● **Exercise**
Return all of the data exactly as written, without the pictures.

● **Data excerpts**
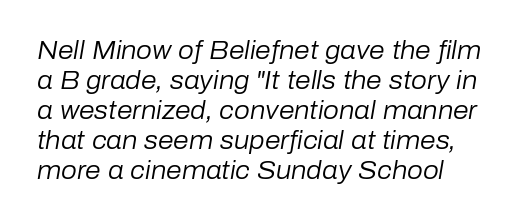
{"italic": "yes", "lean": "right", "slant_degrees": 10, "bold": "no", "underline": "no", "line_spacing_ratio": 1.2, "letter_spacing": "normal", "letter_spacing_em": 0.0, "glyph_px": 25}
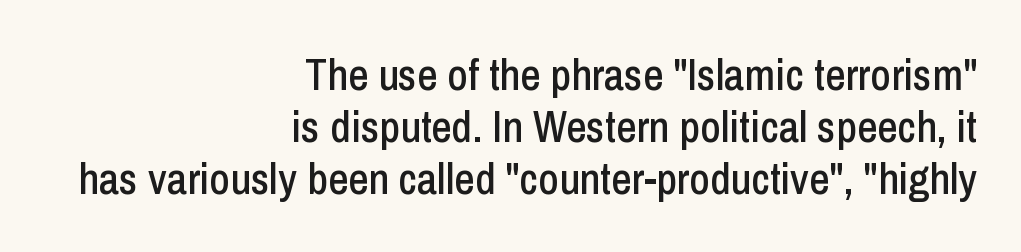
The image shows 44 px condensed sans-serif type, upright; set right-aligned, line spacing 1.18x, normal letter spacing, not underlined; low stroke contrast and a medium x-height.
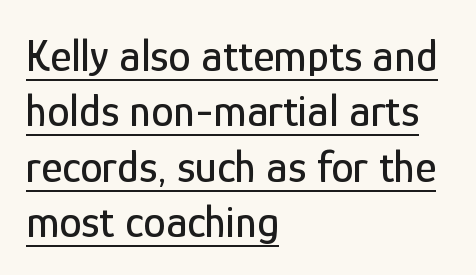
{"serif": "no", "italic": "no", "width": "condensed", "stroke_contrast": "low", "x_height": "medium", "monospaced": "no", "underline": "yes", "align": "left", "line_spacing_ratio": 1.23, "letter_spacing": "normal", "letter_spacing_em": 0.0, "glyph_px": 45}
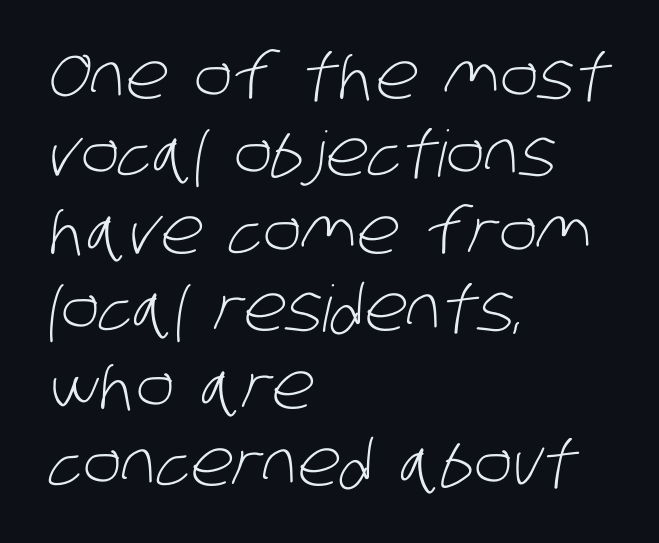
Q: Is the text bold? A: No.
Q: Is the typeface a serif or a sans-serif typeface? A: Sans-serif.
Q: Is the text underlined? A: No.
Q: How is the paragraph aligned? A: Left-aligned.
Q: Is the spacing between letters normal or unusually wide? A: Normal.
Q: Width (condensed, normal, or wide)? A: Condensed.
Q: Stroke contrast? A: Low.
Q: x-height? A: Large.
Q: Monospaced? A: No.
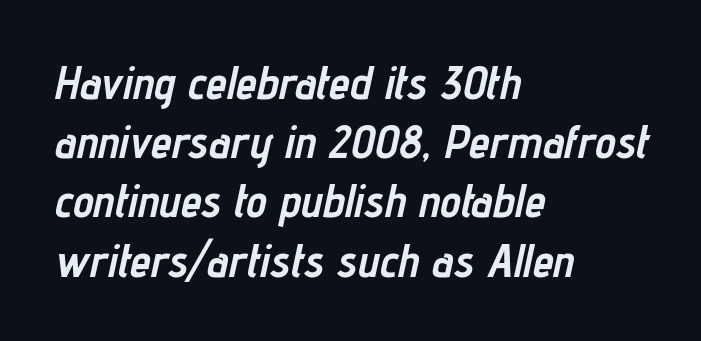
Q: Is the text bold? A: Yes.
Q: Is the text italic (slanted)? A: Yes, it leans right by about 12 degrees.
Q: Is the text underlined? A: No.
Q: How is the paragraph aligned? A: Left-aligned.
Q: Is the spacing between letters normal or unusually wide? A: Normal.
Q: Is the spacing between lines tight, normal or loose? A: Normal.
Q: Width (condensed, normal, or wide)? A: Condensed.
Q: Stroke contrast? A: Low.
Q: x-height? A: Medium.
Q: Monospaced? A: No.
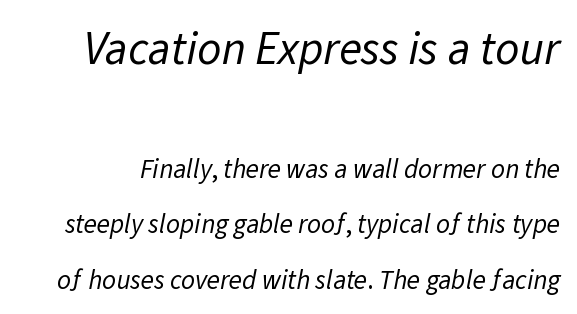
{"serif": "no", "bold": "no", "weight": "regular", "width": "normal", "stroke_contrast": "low", "x_height": "medium", "monospaced": "no", "underline": "no", "line_spacing": "loose", "line_spacing_ratio": 2.05, "letter_spacing": "normal", "letter_spacing_em": 0.0, "larger_block": "first", "size_ratio": 1.74, "glyph_px": 47}
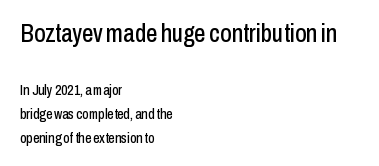
The image shows 25 px text type, upright; set left-aligned, normal line spacing (1.69x), normal letter spacing, not underlined; the first (top) block is 1.79x larger.
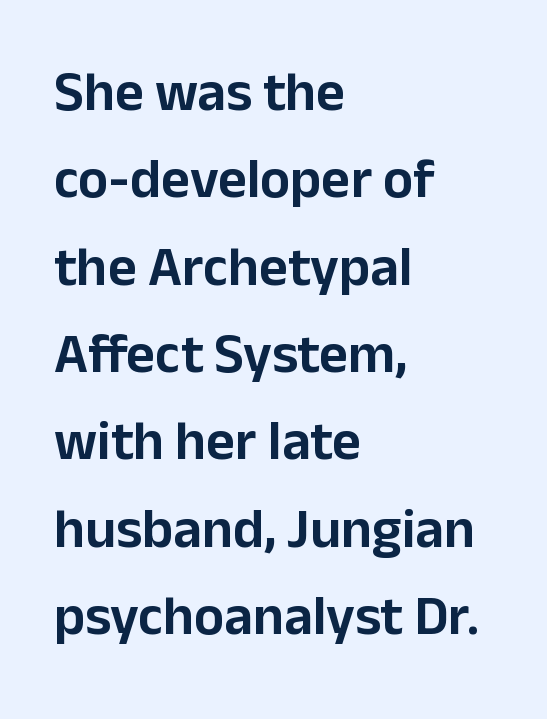
{"serif": "no", "italic": "no", "width": "normal", "stroke_contrast": "low", "x_height": "medium", "monospaced": "no", "underline": "no", "align": "left", "line_spacing": "normal", "line_spacing_ratio": 1.56, "letter_spacing": "normal", "letter_spacing_em": 0.0, "glyph_px": 56}
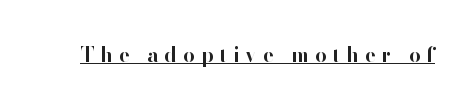
{"italic": "no", "bold": "yes", "underline": "yes", "letter_spacing": "wide", "letter_spacing_em": 0.31, "glyph_px": 20}
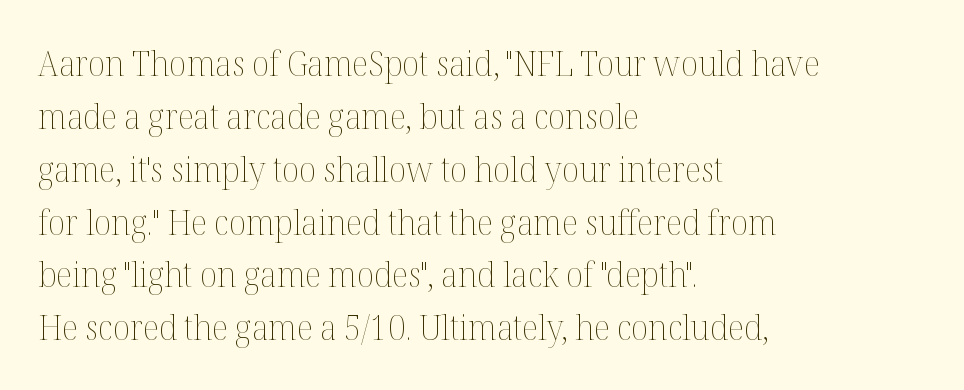
{"italic": "no", "bold": "no", "weight": "thin", "width": "normal", "stroke_contrast": "medium", "x_height": "medium", "monospaced": "no", "underline": "no", "align": "left", "line_spacing": "normal", "line_spacing_ratio": 1.51, "letter_spacing": "normal", "letter_spacing_em": 0.0, "glyph_px": 35}
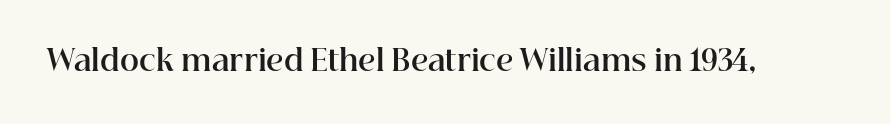
{"serif": "yes", "italic": "no", "bold": "yes", "weight": "bold", "width": "normal", "stroke_contrast": "high", "x_height": "medium", "monospaced": "no", "underline": "no", "letter_spacing": "normal", "letter_spacing_em": 0.0, "glyph_px": 29}
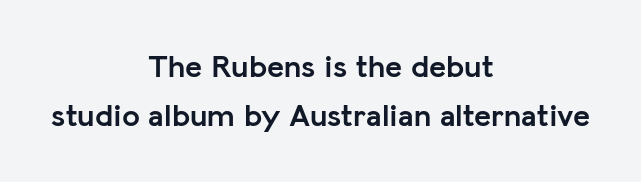
The image shows 32 px semibold sans-serif type, upright; set centered, normal line spacing (1.53x), normal letter spacing, not underlined; low stroke contrast and a medium x-height.
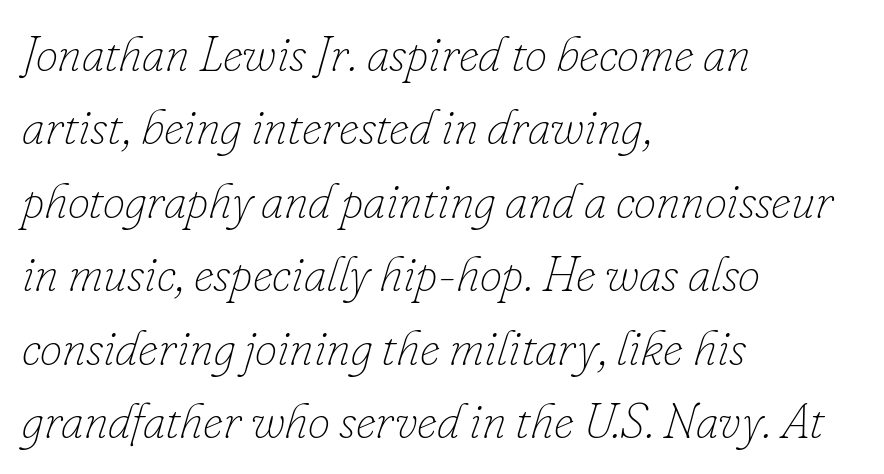
Successive baselines arrive at the customary interval. Tall strokes in this sample are angled rather than plumb. Is this a fixed-width face? No — the glyphs have proportional, varying widths. Reading down the block, your eye returns to a fixed left position each line.

● **Finished exercise**
{"italic": "yes", "lean": "right", "slant_degrees": 10, "bold": "no", "underline": "no", "line_spacing_ratio": 1.2, "letter_spacing": "normal", "letter_spacing_em": 0.0, "glyph_px": 25}
The image shows 44 px condensed sans-serif type, upright; set right-aligned, line spacing 1.18x, normal letter spacing, not underlined; low stroke contrast and a medium x-height.
{"serif": "no", "italic": "no", "width": "condensed", "stroke_contrast": "low", "x_height": "medium", "monospaced": "no", "underline": "yes", "align": "left", "line_spacing_ratio": 1.23, "letter_spacing": "normal", "letter_spacing_em": 0.0, "glyph_px": 45}
Q: Is the text bold? A: No.
Q: Is the typeface a serif or a sans-serif typeface? A: Sans-serif.
Q: Is the text underlined? A: No.
Q: How is the paragraph aligned? A: Left-aligned.
Q: Is the spacing between letters normal or unusually wide? A: Normal.
Q: Width (condensed, normal, or wide)? A: Condensed.
Q: Stroke contrast? A: Low.
Q: x-height? A: Large.
Q: Monospaced? A: No.
Q: Is the text bold? A: Yes.
Q: Is the text italic (slanted)? A: Yes, it leans right by about 12 degrees.
Q: Is the text underlined? A: No.
Q: How is the paragraph aligned? A: Left-aligned.
Q: Is the spacing between letters normal or unusually wide? A: Normal.
Q: Is the spacing between lines tight, normal or loose? A: Normal.
Q: Width (condensed, normal, or wide)? A: Condensed.
Q: Stroke contrast? A: Low.
Q: x-height? A: Medium.
Q: Monospaced? A: No.
{"serif": "no", "bold": "no", "weight": "regular", "width": "normal", "stroke_contrast": "low", "x_height": "medium", "monospaced": "no", "underline": "no", "line_spacing": "loose", "line_spacing_ratio": 2.05, "letter_spacing": "normal", "letter_spacing_em": 0.0, "larger_block": "first", "size_ratio": 1.74, "glyph_px": 47}
The image shows 25 px text type, upright; set left-aligned, normal line spacing (1.69x), normal letter spacing, not underlined; the first (top) block is 1.79x larger.
{"serif": "no", "italic": "no", "width": "normal", "stroke_contrast": "low", "x_height": "medium", "monospaced": "no", "underline": "no", "align": "left", "line_spacing": "normal", "line_spacing_ratio": 1.56, "letter_spacing": "normal", "letter_spacing_em": 0.0, "glyph_px": 56}
{"italic": "no", "bold": "yes", "underline": "yes", "letter_spacing": "wide", "letter_spacing_em": 0.31, "glyph_px": 20}
{"italic": "no", "bold": "no", "weight": "thin", "width": "normal", "stroke_contrast": "medium", "x_height": "medium", "monospaced": "no", "underline": "no", "align": "left", "line_spacing": "normal", "line_spacing_ratio": 1.51, "letter_spacing": "normal", "letter_spacing_em": 0.0, "glyph_px": 35}
{"serif": "yes", "italic": "no", "bold": "yes", "weight": "bold", "width": "normal", "stroke_contrast": "high", "x_height": "medium", "monospaced": "no", "underline": "no", "letter_spacing": "normal", "letter_spacing_em": 0.0, "glyph_px": 29}
The image shows 32 px semibold sans-serif type, upright; set centered, normal line spacing (1.53x), normal letter spacing, not underlined; low stroke contrast and a medium x-height.
Successive baselines arrive at the customary interval. Tall strokes in this sample are angled rather than plumb. Is this a fixed-width face? No — the glyphs have proportional, varying widths. Reading down the block, your eye returns to a fixed left position each line.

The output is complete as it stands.